=== Section Start ===

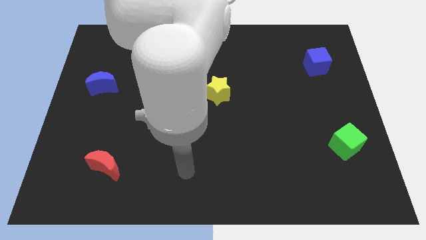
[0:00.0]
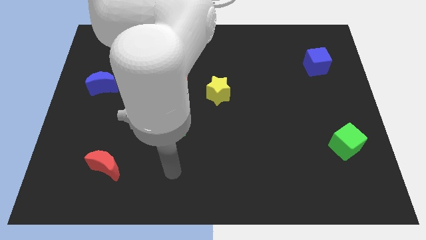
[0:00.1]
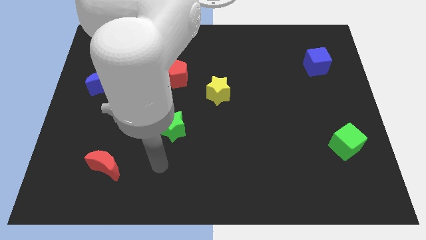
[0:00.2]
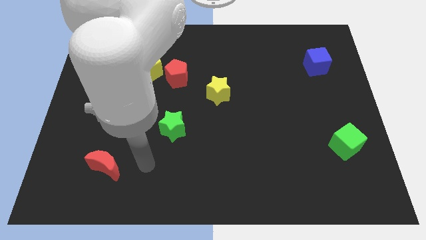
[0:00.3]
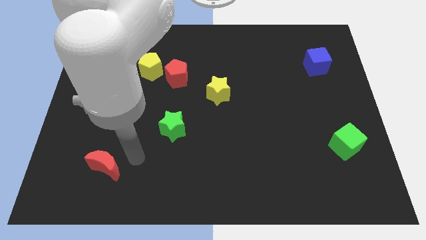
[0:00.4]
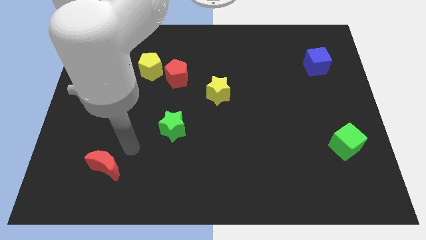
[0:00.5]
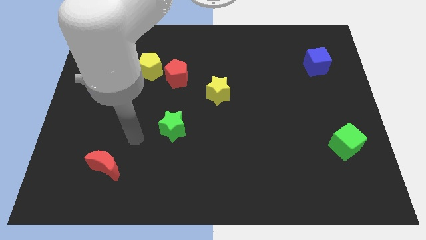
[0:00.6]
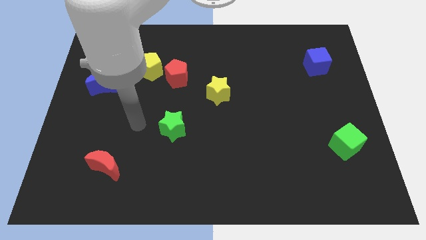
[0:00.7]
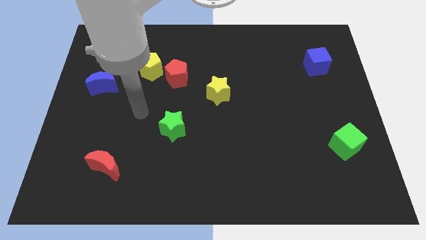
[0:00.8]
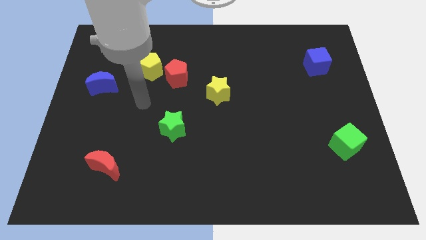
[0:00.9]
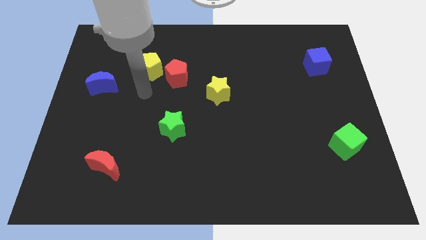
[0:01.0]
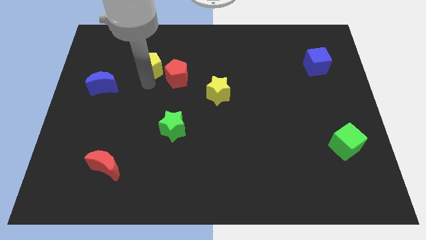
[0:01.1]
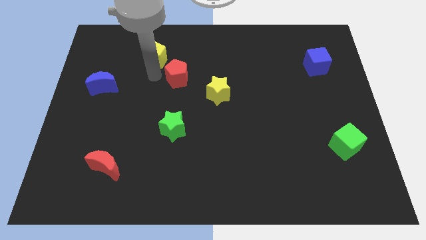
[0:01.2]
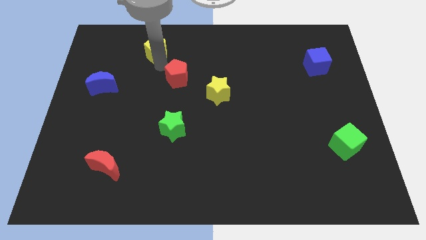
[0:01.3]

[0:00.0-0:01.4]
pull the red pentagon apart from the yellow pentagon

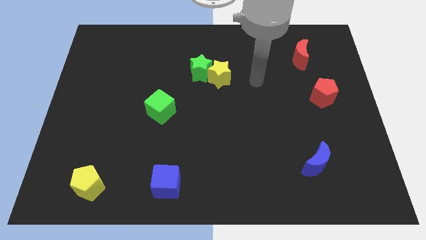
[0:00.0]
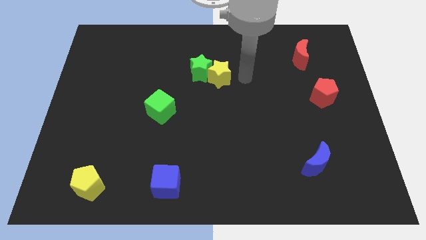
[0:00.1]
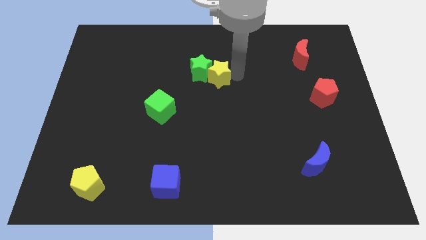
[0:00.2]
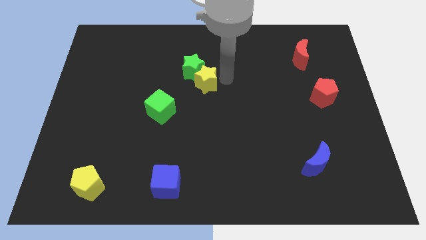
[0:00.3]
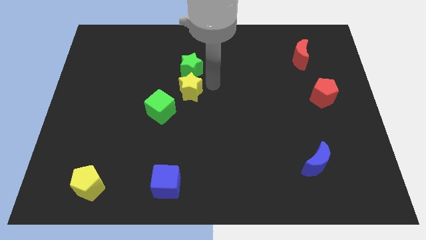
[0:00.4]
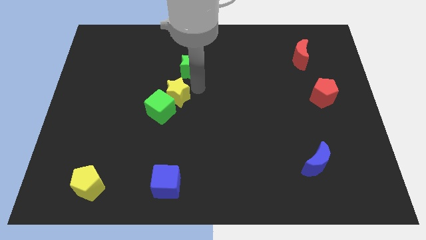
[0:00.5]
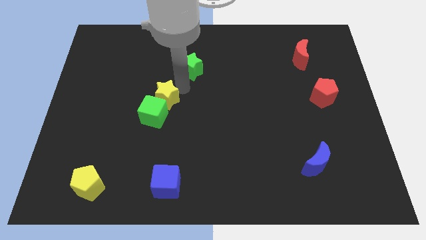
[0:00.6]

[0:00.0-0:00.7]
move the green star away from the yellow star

=== Section End ===

### [Task prompt]
Write out every record above exactly as it stands, but leave out the pictures.

### [Reply to the exercise]
[0:00.0]
[0:00.1]
[0:00.2]
[0:00.3]
[0:00.4]
[0:00.5]
[0:00.6]
[0:00.7]
[0:00.8]
[0:00.9]
[0:01.0]
[0:01.1]
[0:01.2]
[0:01.3]

[0:00.0-0:01.4]
pull the red pentagon apart from the yellow pentagon

[0:00.0]
[0:00.1]
[0:00.2]
[0:00.3]
[0:00.4]
[0:00.5]
[0:00.6]

[0:00.0-0:00.7]
move the green star away from the yellow star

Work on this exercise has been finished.